Ex ministro ucraino arrestato in fuga dal paese
- 16 Febbraio 2026
- Posted by: Tony
- Categoria: Economia
Herman Galushchenko, ex ministro dell’Energia ucraino, è stato arrestato in esecuzione di un mandato emesso dall’Ufficio nazionale anticorruzione (NABU) e dalla Procura specializzata per l’anticorruzione (SAPO) mentre cercava di attraversare il confine in treno nella notte tra il 14 e il 15 febbraio.
Secondo fonti informate, durante i controlli di frontiera le autorità hanno ricevuto una segnalazione da parte delle forze anticorruzione per verificare l’eventuale tentativo di allontanamento. Si tratta di una procedura prevista quando una persona è coinvolta in procedimenti penali e vi è il rischio di fuga o di ostacolo alle indagini.
Dettagli dell’indagine
L’inchiesta riguarda sospetti di corruzione nel settore energetico dello stato e ipotesi di un sistema di tangenti e favoritismi nella gestione degli appalti pubblici. Le indagini si concentrano in particolare sulla gestione della società nucleare statale Energoatom, soggetto strategico per il funzionamento degli impianti e la sicurezza dell’approvvigionamento elettrico.
Gli investigatori stanno accertando se, durante il mandato di Galushchenko, siano stati concessi vantaggi indebiti a soggetti terzi o se siano stati ottenuti benefici personali collegati a contratti e procedure di gara nel comparto energetico.
Ruolo delle autorità anticorruzione
NABU è l’organo incaricato di svolgere indagini su reati di corruzione a livello nazionale, mentre la SAPO coordina le attività di accusa e supervisione delle indagini stesse. La cooperazione tra queste istituzioni e altre forze di polizia, compresi i controlli di frontiera, è prevista dalle procedure per garantire l’esecuzione di misure cautelari e la prosecuzione delle indagini.

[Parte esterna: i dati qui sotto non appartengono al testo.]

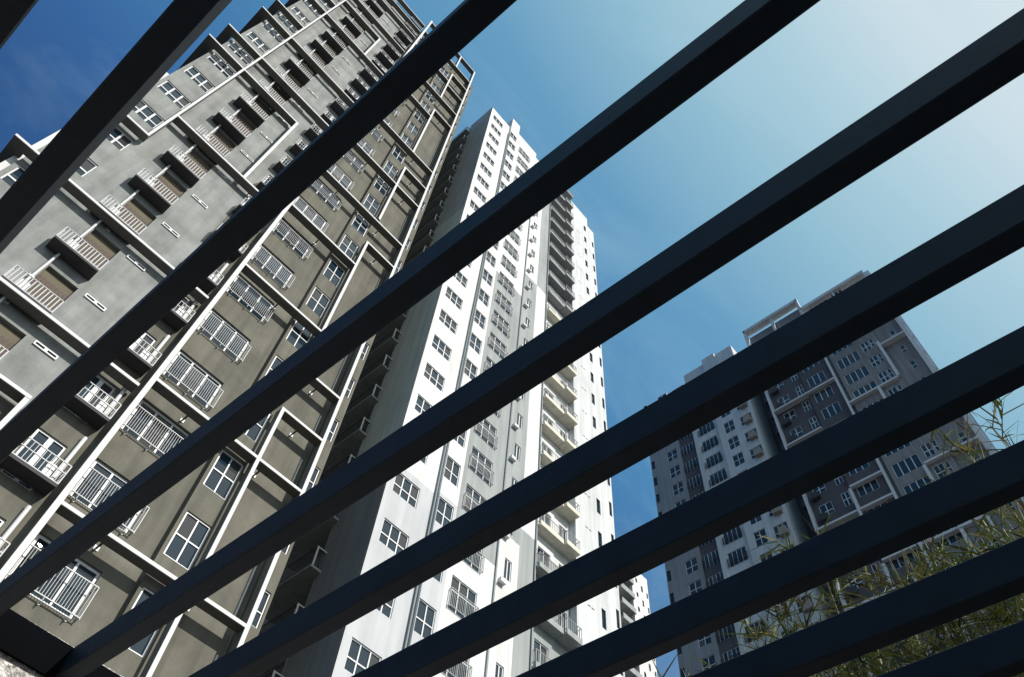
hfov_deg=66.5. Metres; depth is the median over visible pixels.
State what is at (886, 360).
apartment tower
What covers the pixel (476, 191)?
triple window
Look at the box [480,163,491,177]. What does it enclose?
triple window
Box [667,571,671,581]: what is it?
end window
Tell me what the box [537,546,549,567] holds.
balcony door
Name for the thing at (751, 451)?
kitchen window
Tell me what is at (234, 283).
balcony railing
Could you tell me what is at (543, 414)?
balcony door
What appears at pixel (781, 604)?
square window
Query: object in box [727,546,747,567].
grilled window
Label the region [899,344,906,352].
end window
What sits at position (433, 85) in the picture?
window
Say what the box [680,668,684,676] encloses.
end window
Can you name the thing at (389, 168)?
window
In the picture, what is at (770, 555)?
square window
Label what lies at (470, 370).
window
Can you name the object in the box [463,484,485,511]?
grilled window
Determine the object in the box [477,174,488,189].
triple window
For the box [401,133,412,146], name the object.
window
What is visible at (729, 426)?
square window
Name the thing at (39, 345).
vent window
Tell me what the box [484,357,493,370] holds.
grilled window
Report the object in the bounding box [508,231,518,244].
grilled window
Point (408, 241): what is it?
side window
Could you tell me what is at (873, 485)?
three light window
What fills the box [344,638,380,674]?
triple window
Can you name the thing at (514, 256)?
grilled window
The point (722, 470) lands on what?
grilled window
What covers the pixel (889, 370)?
narrow window
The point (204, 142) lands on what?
apartment tower
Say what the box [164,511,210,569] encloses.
window
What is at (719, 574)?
grilled window
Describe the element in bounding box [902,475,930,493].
four light window
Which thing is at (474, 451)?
grilled window
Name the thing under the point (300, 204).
sliding door
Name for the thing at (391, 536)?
triple window
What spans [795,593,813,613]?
kitchen window
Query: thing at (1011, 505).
end window
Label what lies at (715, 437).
grilled window
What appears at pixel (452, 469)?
window
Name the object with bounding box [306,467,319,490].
side window
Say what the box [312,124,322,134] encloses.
glazed door
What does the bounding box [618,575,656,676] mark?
apartment tower
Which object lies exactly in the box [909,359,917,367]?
end window
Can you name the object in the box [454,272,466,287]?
triple window
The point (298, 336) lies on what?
window
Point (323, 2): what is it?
corner window
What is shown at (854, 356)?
four light window
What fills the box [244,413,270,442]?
window
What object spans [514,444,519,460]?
small window
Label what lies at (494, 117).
triple window
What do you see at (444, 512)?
window
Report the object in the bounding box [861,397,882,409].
four light window
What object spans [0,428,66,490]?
glazed door
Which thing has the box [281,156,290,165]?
glazed door
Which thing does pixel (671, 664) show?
reed plant
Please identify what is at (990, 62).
pergola
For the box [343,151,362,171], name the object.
sliding door
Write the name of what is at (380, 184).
window
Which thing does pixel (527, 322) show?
small window
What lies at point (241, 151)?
vent window
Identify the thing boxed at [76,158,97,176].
corner window
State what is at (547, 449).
balcony door
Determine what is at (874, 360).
window
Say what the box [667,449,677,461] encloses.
window
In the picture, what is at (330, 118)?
glazed door
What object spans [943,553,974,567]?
four light window
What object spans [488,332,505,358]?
grilled window
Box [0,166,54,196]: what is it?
corner window
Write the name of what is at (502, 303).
grilled window
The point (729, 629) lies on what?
grilled window
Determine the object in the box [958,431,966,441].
end window
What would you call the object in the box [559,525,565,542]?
balcony door
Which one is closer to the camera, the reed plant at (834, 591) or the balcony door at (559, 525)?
the reed plant at (834, 591)
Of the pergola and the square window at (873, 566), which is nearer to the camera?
the pergola
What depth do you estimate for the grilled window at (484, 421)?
46.18 m
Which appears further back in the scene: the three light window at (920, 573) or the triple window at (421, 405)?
the three light window at (920, 573)
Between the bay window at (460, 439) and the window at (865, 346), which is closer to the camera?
the bay window at (460, 439)
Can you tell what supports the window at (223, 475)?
in the apartment tower at (204, 142)
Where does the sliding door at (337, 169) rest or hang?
in the apartment tower at (204, 142)
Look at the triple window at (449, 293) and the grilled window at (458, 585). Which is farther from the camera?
the triple window at (449, 293)
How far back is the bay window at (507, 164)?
79.63 m
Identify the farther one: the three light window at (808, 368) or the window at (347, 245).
the three light window at (808, 368)
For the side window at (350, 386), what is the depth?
37.59 m
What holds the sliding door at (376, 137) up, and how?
in the apartment tower at (204, 142)
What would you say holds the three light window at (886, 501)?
in the apartment tower at (886, 360)
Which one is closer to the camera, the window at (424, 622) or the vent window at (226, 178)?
the window at (424, 622)
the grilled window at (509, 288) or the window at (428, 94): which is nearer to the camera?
the grilled window at (509, 288)
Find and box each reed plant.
[652,641,771,676]
[693,543,899,676]
[736,510,995,676]
[802,513,1023,676]
[904,447,1023,676]
[920,391,1023,618]
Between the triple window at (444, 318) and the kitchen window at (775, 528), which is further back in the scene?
the kitchen window at (775, 528)
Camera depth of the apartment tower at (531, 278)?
45.66 m
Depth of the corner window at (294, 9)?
58.73 m
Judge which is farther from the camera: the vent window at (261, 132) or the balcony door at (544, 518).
the balcony door at (544, 518)
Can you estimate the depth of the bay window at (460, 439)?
42.85 m
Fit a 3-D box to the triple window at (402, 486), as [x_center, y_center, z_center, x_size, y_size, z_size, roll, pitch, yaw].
[-5.051,7.188,36.995,0.080,1.352,1.560,-35,-66,23]
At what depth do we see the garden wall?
2.27 m
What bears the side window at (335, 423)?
in the apartment tower at (204, 142)
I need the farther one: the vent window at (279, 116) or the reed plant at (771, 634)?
the vent window at (279, 116)
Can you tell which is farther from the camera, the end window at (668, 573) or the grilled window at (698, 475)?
the grilled window at (698, 475)
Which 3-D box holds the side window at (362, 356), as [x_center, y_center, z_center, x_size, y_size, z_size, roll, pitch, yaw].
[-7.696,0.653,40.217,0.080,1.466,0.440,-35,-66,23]
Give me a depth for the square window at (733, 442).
94.61 m
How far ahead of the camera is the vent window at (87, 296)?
28.28 m
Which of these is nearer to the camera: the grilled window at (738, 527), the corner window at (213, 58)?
the corner window at (213, 58)
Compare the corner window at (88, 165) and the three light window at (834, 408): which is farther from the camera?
the three light window at (834, 408)
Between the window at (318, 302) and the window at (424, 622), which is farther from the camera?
the window at (318, 302)
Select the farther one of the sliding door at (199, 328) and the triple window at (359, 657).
the sliding door at (199, 328)
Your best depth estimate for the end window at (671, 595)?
84.60 m
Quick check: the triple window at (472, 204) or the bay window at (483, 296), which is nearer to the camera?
the bay window at (483, 296)
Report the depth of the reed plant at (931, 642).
3.01 m
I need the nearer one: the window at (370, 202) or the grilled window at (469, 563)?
the grilled window at (469, 563)
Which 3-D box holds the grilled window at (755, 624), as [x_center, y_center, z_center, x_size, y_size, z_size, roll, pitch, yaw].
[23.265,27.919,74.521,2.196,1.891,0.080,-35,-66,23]
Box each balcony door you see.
[533,639,547,665]
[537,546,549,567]
[539,514,550,526]
[542,442,551,456]
[543,414,552,426]
[558,612,565,631]
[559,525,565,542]
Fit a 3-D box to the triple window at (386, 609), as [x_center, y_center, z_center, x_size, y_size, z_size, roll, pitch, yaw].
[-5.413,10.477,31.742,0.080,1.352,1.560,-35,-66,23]
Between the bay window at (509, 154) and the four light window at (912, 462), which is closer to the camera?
the four light window at (912, 462)
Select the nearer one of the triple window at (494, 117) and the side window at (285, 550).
the side window at (285, 550)
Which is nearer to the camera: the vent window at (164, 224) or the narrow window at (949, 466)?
the vent window at (164, 224)
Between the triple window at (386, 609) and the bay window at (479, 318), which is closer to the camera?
the triple window at (386, 609)
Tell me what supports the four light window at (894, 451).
in the apartment tower at (886, 360)
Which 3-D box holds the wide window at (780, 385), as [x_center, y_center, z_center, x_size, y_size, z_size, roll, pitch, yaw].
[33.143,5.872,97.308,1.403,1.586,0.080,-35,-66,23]
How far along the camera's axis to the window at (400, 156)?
58.62 m
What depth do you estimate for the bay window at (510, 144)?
84.79 m
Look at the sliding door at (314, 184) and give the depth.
47.04 m
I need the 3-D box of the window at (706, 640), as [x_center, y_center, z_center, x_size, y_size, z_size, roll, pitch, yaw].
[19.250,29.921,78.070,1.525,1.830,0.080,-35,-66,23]
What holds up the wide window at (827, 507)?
in the apartment tower at (886, 360)
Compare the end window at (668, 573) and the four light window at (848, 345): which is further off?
the four light window at (848, 345)
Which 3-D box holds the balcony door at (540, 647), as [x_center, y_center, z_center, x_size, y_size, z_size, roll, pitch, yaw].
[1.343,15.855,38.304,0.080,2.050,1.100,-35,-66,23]
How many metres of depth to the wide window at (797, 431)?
89.62 m
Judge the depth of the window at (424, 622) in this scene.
32.65 m
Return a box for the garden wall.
[0,617,122,676]
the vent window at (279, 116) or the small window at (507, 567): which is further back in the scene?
the vent window at (279, 116)
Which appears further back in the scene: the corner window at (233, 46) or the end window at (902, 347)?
the end window at (902, 347)
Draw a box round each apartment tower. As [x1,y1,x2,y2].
[0,0,474,676]
[256,107,624,676]
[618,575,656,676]
[644,270,1023,676]
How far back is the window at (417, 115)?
66.77 m
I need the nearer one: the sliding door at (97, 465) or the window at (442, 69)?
the sliding door at (97, 465)
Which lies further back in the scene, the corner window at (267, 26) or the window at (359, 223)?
the corner window at (267, 26)
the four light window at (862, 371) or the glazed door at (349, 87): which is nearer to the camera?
the glazed door at (349, 87)
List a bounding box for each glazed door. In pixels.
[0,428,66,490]
[0,518,5,527]
[63,375,115,423]
[130,333,155,353]
[173,297,189,310]
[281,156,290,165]
[298,139,307,149]
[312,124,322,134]
[325,110,336,121]
[337,99,348,109]
[348,87,358,98]
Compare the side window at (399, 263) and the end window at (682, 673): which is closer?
the side window at (399, 263)
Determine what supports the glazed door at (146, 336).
in the apartment tower at (204, 142)
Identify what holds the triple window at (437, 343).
in the apartment tower at (531, 278)
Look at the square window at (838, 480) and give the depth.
80.57 m
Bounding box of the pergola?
[0,0,1023,676]
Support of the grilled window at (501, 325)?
in the apartment tower at (531, 278)
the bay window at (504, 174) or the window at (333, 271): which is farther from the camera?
the bay window at (504, 174)
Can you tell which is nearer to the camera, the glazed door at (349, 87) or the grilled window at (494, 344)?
the grilled window at (494, 344)
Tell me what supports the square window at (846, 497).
in the apartment tower at (886, 360)
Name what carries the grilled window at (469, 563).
in the apartment tower at (531, 278)
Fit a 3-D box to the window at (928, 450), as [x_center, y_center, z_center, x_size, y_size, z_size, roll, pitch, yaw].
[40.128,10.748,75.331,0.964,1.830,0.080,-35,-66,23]
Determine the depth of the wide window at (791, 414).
92.24 m
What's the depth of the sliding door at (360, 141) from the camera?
55.56 m
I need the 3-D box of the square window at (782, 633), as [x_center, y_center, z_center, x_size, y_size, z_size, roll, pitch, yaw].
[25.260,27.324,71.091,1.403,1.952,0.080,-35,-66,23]
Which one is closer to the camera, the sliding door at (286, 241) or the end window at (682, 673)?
the sliding door at (286, 241)
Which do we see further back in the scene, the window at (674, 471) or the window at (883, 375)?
the window at (674, 471)
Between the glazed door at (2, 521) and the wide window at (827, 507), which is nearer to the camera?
the glazed door at (2, 521)
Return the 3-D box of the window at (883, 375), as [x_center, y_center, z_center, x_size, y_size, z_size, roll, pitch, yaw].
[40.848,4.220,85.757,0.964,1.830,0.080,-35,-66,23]
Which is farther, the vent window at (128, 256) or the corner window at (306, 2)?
the corner window at (306, 2)
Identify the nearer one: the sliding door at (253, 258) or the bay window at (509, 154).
the sliding door at (253, 258)
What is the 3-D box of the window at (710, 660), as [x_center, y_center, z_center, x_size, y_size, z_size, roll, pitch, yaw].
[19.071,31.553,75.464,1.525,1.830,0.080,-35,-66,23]
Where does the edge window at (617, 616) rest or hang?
in the apartment tower at (531, 278)
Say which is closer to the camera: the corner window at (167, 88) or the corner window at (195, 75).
the corner window at (167, 88)
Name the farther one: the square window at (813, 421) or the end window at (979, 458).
the square window at (813, 421)
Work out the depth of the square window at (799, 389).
93.94 m
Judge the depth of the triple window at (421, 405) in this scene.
42.31 m
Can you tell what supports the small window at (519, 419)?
in the apartment tower at (531, 278)
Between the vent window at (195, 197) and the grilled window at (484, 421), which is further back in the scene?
the grilled window at (484, 421)
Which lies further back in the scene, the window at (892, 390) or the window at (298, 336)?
the window at (892, 390)
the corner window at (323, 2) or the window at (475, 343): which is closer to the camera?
the window at (475, 343)
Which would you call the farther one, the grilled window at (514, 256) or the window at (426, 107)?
the window at (426, 107)
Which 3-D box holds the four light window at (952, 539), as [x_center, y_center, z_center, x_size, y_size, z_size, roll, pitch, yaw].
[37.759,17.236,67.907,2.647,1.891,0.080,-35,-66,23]
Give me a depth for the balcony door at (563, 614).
41.91 m
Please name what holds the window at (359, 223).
in the apartment tower at (204, 142)
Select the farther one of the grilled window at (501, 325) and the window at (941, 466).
the window at (941, 466)
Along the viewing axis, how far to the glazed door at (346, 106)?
55.82 m
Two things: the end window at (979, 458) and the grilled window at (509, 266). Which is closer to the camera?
the grilled window at (509, 266)
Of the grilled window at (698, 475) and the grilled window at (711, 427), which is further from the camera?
the grilled window at (711, 427)
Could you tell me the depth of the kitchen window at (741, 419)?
96.31 m
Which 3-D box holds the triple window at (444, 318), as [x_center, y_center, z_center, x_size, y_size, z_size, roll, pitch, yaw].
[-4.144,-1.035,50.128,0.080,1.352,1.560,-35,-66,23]
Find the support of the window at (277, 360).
in the apartment tower at (204, 142)
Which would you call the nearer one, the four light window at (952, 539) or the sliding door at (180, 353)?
the sliding door at (180, 353)
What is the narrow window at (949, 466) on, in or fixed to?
in the apartment tower at (886, 360)
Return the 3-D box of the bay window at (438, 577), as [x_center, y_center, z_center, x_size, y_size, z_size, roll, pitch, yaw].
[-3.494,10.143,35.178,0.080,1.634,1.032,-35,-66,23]
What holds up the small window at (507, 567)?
in the apartment tower at (531, 278)
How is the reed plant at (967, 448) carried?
on the ground
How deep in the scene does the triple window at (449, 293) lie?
52.88 m
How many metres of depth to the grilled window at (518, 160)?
85.24 m
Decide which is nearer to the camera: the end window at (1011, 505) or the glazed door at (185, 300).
the glazed door at (185, 300)
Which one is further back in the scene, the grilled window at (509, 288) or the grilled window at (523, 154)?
the grilled window at (523, 154)
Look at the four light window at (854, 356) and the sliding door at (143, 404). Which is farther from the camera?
the four light window at (854, 356)
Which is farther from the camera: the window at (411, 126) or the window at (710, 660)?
the window at (710, 660)
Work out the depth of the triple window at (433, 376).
44.96 m
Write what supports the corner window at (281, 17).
in the apartment tower at (204, 142)
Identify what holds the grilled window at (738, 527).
in the apartment tower at (886, 360)
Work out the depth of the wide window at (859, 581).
71.29 m
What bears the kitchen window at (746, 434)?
in the apartment tower at (886, 360)
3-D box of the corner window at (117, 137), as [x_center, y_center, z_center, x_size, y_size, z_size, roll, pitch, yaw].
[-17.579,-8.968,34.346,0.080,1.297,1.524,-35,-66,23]
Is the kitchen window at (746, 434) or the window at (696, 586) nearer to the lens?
the window at (696, 586)
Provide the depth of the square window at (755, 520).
83.70 m
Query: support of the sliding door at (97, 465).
in the apartment tower at (204, 142)
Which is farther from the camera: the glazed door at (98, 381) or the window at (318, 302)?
the window at (318, 302)
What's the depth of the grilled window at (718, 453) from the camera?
95.47 m
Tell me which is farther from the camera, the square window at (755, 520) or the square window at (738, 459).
the square window at (738, 459)
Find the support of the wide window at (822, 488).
in the apartment tower at (886, 360)
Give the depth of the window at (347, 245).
45.00 m
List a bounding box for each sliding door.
[5,534,100,618]
[70,459,140,532]
[121,400,188,456]
[163,351,221,407]
[197,310,249,360]
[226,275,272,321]
[251,245,292,287]
[272,220,310,257]
[294,197,324,229]
[309,179,339,209]
[328,164,351,189]
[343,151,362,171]
[358,139,372,154]
[370,128,381,140]
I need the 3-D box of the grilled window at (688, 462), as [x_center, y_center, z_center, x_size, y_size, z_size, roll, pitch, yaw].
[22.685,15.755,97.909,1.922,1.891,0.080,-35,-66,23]
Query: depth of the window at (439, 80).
77.41 m
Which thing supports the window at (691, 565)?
in the apartment tower at (886, 360)
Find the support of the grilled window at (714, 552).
in the apartment tower at (886, 360)
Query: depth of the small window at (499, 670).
35.04 m
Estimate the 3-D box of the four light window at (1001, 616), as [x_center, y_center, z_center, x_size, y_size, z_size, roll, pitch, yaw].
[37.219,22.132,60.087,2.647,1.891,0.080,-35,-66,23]
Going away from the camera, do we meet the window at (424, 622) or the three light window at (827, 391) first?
the window at (424, 622)
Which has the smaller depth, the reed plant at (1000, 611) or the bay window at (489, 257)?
the reed plant at (1000, 611)
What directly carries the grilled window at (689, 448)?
in the apartment tower at (886, 360)
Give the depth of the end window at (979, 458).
71.42 m
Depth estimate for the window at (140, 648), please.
22.97 m
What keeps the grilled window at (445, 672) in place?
in the apartment tower at (531, 278)
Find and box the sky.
[0,0,1023,676]
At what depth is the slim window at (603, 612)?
44.36 m
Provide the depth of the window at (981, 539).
65.37 m
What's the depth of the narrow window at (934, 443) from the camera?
75.08 m
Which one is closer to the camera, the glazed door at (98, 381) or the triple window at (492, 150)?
the glazed door at (98, 381)
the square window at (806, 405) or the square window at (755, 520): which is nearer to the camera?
the square window at (755, 520)
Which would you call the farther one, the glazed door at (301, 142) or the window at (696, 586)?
the window at (696, 586)
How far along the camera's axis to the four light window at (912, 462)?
75.74 m
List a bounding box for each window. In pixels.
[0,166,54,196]
[32,340,58,359]
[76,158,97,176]
[84,293,106,311]
[107,127,132,150]
[126,254,145,271]
[128,587,157,657]
[133,100,163,128]
[157,80,190,109]
[162,222,179,237]
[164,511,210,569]
[184,66,213,92]
[192,194,207,208]
[203,450,243,499]
[207,53,234,77]
[218,170,232,183]
[228,41,252,64]
[240,150,253,162]
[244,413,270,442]
[246,32,269,53]
[251,591,270,627]
[260,131,272,143]
[263,22,284,42]
[265,355,282,374]
[278,14,297,33]
[278,115,289,126]
[281,545,289,553]
[286,321,311,348]
[291,6,309,24]
[303,0,320,17]
[306,287,329,317]
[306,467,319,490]
[319,0,330,9]
[323,259,344,286]
[327,419,338,441]
[339,235,357,259]
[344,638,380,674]
[345,378,354,397]
[351,213,369,236]
[360,343,368,359]
[363,194,379,214]
[374,176,389,195]
[377,599,394,618]
[379,518,408,553]
[383,160,397,178]
[392,146,405,163]
[392,474,418,507]
[395,261,401,271]
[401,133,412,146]
[404,239,410,249]
[407,121,418,136]
[414,110,424,123]
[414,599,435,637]
[415,394,431,413]
[421,100,430,111]
[423,363,444,391]
[425,91,434,103]
[431,82,439,92]
[432,334,450,361]
[433,572,441,582]
[435,75,443,85]
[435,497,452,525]
[439,309,456,333]
[440,67,447,77]
[442,659,468,676]
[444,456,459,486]
[445,286,462,309]
[448,575,476,617]
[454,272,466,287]
[454,432,465,447]
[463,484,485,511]
[463,550,481,572]
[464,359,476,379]
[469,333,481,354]
[469,447,491,484]
[470,200,478,210]
[473,186,485,202]
[474,309,485,329]
[475,419,495,448]
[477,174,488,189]
[478,288,488,306]
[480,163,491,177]
[482,269,492,285]
[483,152,493,165]
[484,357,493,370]
[486,142,495,155]
[486,251,495,267]
[488,132,498,145]
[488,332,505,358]
[491,124,500,136]
[492,310,508,336]
[493,116,502,127]
[495,290,510,314]
[495,663,502,676]
[498,272,513,294]
[501,255,515,277]
[502,170,509,181]
[503,558,510,581]
[504,239,517,260]
[505,160,511,170]
[507,150,512,160]
[508,141,514,150]
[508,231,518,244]
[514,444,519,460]
[517,157,527,170]
[517,413,521,428]
[519,147,528,161]
[525,318,529,328]
[596,499,599,513]
[598,532,601,546]
[602,609,605,629]
[616,610,618,628]
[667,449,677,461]
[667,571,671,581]
[669,464,680,478]
[670,593,674,603]
[672,481,683,495]
[675,498,685,506]
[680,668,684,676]
[683,441,695,455]
[685,557,697,574]
[686,456,699,471]
[689,473,702,488]
[689,579,701,594]
[698,634,711,647]
[699,421,714,436]
[701,654,715,670]
[702,435,718,451]
[704,549,719,567]
[705,451,722,468]
[708,571,723,584]
[709,468,726,485]
[718,624,735,641]
[723,419,734,433]
[723,526,741,544]
[723,646,739,661]
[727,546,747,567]
[728,435,739,449]
[732,452,744,466]
[739,412,752,425]
[744,428,757,441]
[744,618,766,642]
[749,444,763,458]
[750,515,761,524]
[753,528,767,546]
[759,550,772,561]
[773,382,783,388]
[773,521,789,538]
[773,601,787,620]
[777,394,789,403]
[780,627,791,637]
[783,409,796,419]
[790,425,802,436]
[791,374,797,381]
[795,385,804,395]
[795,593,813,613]
[802,400,811,411]
[803,362,818,372]
[807,370,826,387]
[808,416,818,428]
[812,485,825,493]
[813,385,833,402]
[819,501,834,514]
[821,401,841,419]
[832,343,851,354]
[834,476,843,484]
[836,350,860,369]
[840,491,852,506]
[844,365,869,384]
[847,572,864,588]
[849,463,868,475]
[852,380,876,397]
[856,479,879,496]
[859,340,871,351]
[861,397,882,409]
[867,501,887,511]
[868,338,874,346]
[868,355,880,366]
[871,561,884,579]
[877,353,884,361]
[877,370,890,382]
[885,442,910,456]
[886,368,894,376]
[887,386,897,394]
[890,553,915,569]
[891,453,922,477]
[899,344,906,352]
[901,573,920,585]
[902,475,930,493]
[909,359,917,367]
[920,442,935,457]
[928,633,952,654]
[929,525,963,550]
[932,439,940,450]
[932,463,948,478]
[943,460,953,472]
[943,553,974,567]
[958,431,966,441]
[973,453,981,461]
[976,536,992,551]
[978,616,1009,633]
[1005,502,1014,511]
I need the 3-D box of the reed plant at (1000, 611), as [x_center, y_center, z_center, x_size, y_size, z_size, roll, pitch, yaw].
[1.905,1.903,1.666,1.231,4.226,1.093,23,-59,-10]
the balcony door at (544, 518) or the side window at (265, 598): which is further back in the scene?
the balcony door at (544, 518)
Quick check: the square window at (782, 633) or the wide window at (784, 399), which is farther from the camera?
the wide window at (784, 399)
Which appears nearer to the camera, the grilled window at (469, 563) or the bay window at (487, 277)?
the grilled window at (469, 563)
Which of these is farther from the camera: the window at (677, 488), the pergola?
the window at (677, 488)
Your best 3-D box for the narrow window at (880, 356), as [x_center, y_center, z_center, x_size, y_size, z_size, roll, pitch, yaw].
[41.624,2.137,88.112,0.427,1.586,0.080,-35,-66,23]
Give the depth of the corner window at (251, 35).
50.61 m
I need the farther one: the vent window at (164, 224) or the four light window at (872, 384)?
the four light window at (872, 384)
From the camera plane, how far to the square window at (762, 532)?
81.60 m
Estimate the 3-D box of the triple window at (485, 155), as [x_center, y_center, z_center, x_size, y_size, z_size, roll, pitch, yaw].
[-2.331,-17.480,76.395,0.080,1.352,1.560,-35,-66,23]
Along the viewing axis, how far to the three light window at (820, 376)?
92.98 m
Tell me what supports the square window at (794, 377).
in the apartment tower at (886, 360)
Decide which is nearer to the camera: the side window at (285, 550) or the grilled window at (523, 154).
the side window at (285, 550)
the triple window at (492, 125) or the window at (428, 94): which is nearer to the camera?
the window at (428, 94)
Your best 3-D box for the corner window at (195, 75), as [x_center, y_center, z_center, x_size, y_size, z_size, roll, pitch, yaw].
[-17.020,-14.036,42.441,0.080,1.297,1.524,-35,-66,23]
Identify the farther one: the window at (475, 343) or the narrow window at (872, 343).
the narrow window at (872, 343)
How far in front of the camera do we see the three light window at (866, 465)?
79.42 m
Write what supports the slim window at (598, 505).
in the apartment tower at (531, 278)
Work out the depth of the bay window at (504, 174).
77.05 m
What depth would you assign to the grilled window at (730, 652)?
74.92 m
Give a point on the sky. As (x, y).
(550, 67)
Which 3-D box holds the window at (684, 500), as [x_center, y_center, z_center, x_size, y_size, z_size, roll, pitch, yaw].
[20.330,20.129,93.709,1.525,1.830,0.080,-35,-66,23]
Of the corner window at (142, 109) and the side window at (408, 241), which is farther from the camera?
the side window at (408, 241)
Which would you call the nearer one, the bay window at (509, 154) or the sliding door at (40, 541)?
the sliding door at (40, 541)
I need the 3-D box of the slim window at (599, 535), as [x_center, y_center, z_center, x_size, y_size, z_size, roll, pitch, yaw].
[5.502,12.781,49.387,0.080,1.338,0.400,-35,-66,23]
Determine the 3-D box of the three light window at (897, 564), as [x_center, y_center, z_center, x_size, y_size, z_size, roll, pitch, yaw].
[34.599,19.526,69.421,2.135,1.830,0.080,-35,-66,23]
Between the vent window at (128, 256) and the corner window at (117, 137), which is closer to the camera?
the vent window at (128, 256)
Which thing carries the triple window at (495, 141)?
in the apartment tower at (531, 278)
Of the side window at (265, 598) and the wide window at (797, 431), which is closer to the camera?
the side window at (265, 598)
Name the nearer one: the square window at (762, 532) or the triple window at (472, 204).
the triple window at (472, 204)

Implicazioni politiche e istituzionali
La vicenda assume rilievo non soltanto sul piano giudiziario ma anche politico: la trasparenza nella gestione delle società pubbliche e degli appalti è determinante per la fiducia dei cittadini e per il funzionamento del settore energetico. Eventuali sviluppi processuali potrebbero avere ricadute sulle politiche di governo e sui vertici delle imprese statali coinvolte.
È importante sottolineare il principio della presunzione d’innocenza: le accuse devono essere dimostrate in sede giudiziaria. Le autorità competenti continueranno a fornire aggiornamenti man mano che le indagini procederanno e che verranno adottati provvedimenti formali.